Observation of behaviour and expression were the tools that Lindsay and others utilised in their studies – methods of the naturalist rather than the physiologist. What enabled Lindsay to draw comparisons between his patients at the James Murray Royal Asylum in Perth and the animals he observed, was his experience of the insane and ‘idiotic’ who were unable to communicate verbally. In these cases changes in behaviour, facial expression, and vocal noises were seen as indications of mental disturbance. Herbert Major (a contemporary of Crichton-Browne’s, who also worked at the West Riding Asylum) provided Lindsay with a case study where the same could be seen in animals:

‘…a case of association of irritability of temper, with loss of memory and diminished intelligence, including failure to recognise her master, coincidently with the development of fits, apparently of an epileptic character, and with partial paralysis of the limbs, all in an old terrier bitch, these conditions, moreover, being coincident with senile atrophy or degeneration of the brain.’

Head of a dog, from Charles Bell’s Essays on the Anatomy of Expression in Painting (1806). © Wellcome Images

Animals acted as experimental models of disease, as well as providing insights into behaviour and expression as diagnostic tools for mental disease and derangement. Lindsay took this approach one step further. By interpreting these links as evidence of a ‘community of disease’, he turned towards possible environmental factors that could influence the mind.

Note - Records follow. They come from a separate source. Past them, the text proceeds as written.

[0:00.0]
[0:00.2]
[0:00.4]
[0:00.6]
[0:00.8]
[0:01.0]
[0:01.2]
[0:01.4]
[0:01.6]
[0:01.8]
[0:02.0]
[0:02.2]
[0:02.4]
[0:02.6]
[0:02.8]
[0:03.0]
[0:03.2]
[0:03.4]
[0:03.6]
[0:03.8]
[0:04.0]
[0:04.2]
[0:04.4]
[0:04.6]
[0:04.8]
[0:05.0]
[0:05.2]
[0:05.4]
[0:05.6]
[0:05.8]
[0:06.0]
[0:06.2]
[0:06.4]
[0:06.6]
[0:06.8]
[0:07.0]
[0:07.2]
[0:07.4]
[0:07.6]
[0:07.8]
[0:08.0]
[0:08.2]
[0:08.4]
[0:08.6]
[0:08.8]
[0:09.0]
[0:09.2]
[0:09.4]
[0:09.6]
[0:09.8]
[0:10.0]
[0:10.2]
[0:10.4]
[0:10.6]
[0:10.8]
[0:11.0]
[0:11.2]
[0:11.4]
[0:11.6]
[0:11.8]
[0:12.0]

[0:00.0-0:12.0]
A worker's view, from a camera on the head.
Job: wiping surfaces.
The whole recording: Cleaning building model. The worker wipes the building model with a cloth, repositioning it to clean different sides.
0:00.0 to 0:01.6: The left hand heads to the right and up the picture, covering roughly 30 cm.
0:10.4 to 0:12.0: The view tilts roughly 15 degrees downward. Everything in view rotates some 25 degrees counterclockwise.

One of the simplest experiments of Lindsay seems to have been inspired by the saying, ‘Like a red rag to a bull’. By changing the colour of the light in the sleeping rooms of some of his patients, he studied the reaction of the mind to different colours. He was unconvinced by the anecdotal animal evidence of reactions to colour, and his human experiments produced ‘negative conclusions’.

A snarling dog from Darwin’s Expression of Emotions. © Wellcome Images

Metrological data can be found in the medical reports of Perth asylum for a period of almost 5 years. It was used to analyse changes in both the behaviour and physical health of patients. Climatic changes seemed to have little effect on the types of mental disease at the asylum, and physical effects mirrored  the health of the more general population of Perthshire. But the observation of climate was part of a wider area of interest in the causes of mental disease.  Lindsay was well-travelled and wrote papers on the etiology of mental illness around the world. One such study focused on the impact of the colder climate experienced in Norway, Iceland, and other Arctic countries. People and animals, in particular dogs, were affected by both the climate and latitude of these countries. They suffered predominantly from depression and melancholia as a result of the low levels of sunlight, solitude due to sparse populations, and the monotonous scenery.

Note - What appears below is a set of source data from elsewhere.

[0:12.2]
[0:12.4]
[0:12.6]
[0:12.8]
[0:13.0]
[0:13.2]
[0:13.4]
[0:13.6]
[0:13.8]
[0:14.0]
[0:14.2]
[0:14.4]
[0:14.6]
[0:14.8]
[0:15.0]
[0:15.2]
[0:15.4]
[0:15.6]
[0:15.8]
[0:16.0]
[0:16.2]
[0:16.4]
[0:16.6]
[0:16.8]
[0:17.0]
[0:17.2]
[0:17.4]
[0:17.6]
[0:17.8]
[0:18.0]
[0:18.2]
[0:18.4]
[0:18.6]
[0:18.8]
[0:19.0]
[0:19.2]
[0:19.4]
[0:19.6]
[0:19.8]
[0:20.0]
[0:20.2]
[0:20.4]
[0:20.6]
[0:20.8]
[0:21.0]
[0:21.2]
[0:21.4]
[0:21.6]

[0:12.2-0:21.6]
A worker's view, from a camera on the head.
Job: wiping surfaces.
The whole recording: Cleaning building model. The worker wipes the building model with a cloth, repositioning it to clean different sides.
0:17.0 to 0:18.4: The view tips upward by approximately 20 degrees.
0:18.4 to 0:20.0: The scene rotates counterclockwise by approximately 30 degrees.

For Lindsay, the science of comparative psychology was located within the asylum and the research opportunities it offered. His explanations of animal behaviour with their anthropomorphic basis were used in his ideas of human mental disease. Animals were introduced into the asylum as scientific subjects, but not objects of physical experimentation. The asylum patient was seen as an equally valid object for research, although carefully designed as part of the moral treatment approach.

– Liz Gray

Further reading

Charles Darwin, The Expression of the Emotions in Man and Animals (London: J. Murray, 1872).

W. Lauder Lindsay, ‘Community of Disease in Man and Other Animals’, British and Foreign Medico-Chirurgical Review 53 (1874).

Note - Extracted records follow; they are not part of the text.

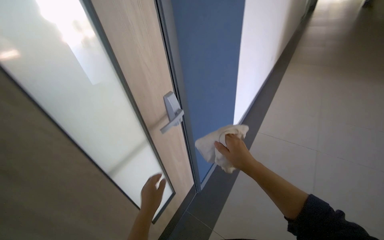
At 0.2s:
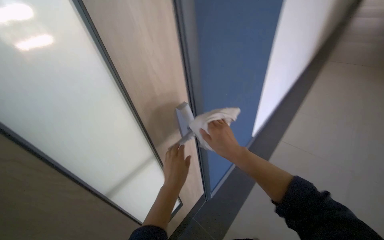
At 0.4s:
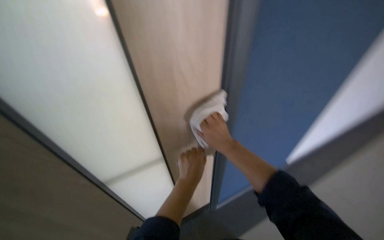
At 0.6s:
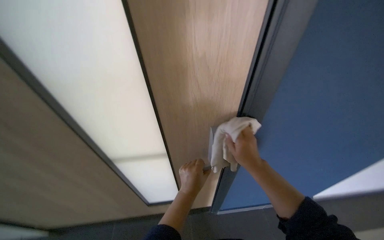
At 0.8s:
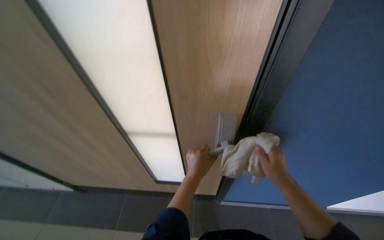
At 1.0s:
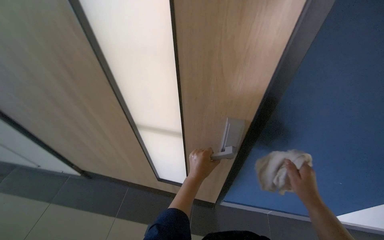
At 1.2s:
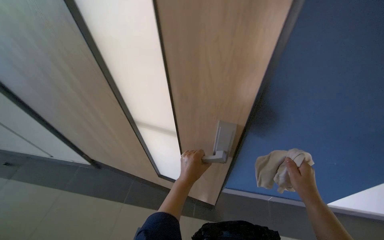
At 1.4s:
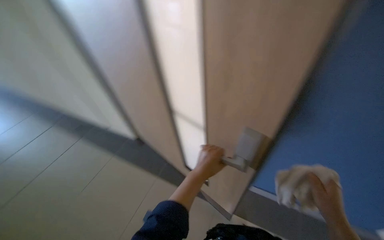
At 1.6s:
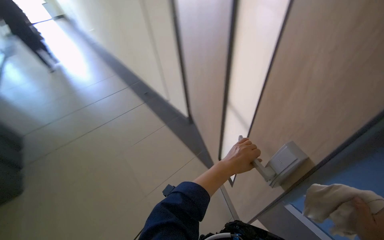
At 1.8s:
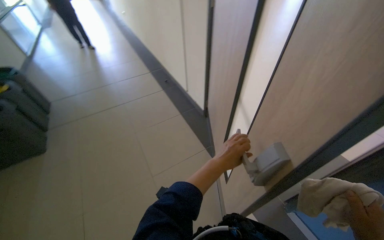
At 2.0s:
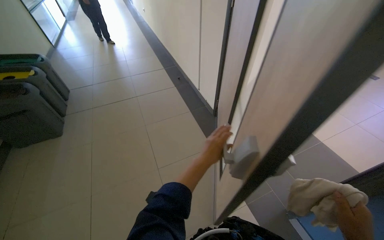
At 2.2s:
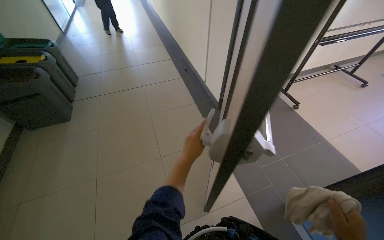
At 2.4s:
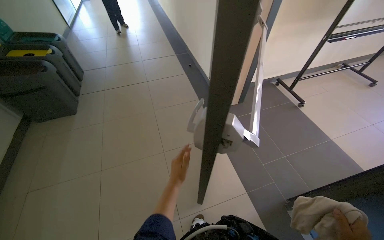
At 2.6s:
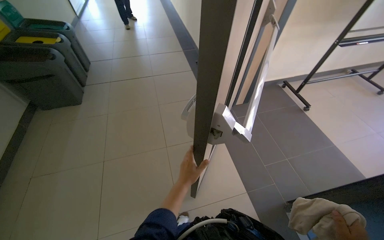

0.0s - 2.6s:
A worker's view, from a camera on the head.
Job: wiping surfaces.
The whole recording: Wiping door handle and frame. The worker wipes the door handle and frame with a cloth.
0.0s - 1.2s: The wearer's head swings approximately 30 degrees to the left. The right hand travels to the right by about 15 cm. The left hand is displaced to the right and up the picture by about 15 cm.
1.2s - 2.6s: The head turns to the left by about 65 degrees. The wearer looks about 15 degrees further downward.

W. Lauder Lindsay, Mind in the Lower Animals in Health and Disease, 2 vols. (London: C.K. Paul, 1879).

W. Lauder Lindsay, ‘On Insanity and Lunatic Asylums in Norway: Being the Narrative of a Visit made in the Summer of 1857′,  Journal of Psychology Medicine 11 (1858).

W. Lauder Lindsay, ‘The Causes of Insanity in Arctic Countries’, British and Foreign Medico-Chirurgical Review 14 (1870).

Robert J. Richards,  Darwin and the Emergence of Evolutionary Theories of Mind and Behavior (Chicago: University of Chicago Press, 1987).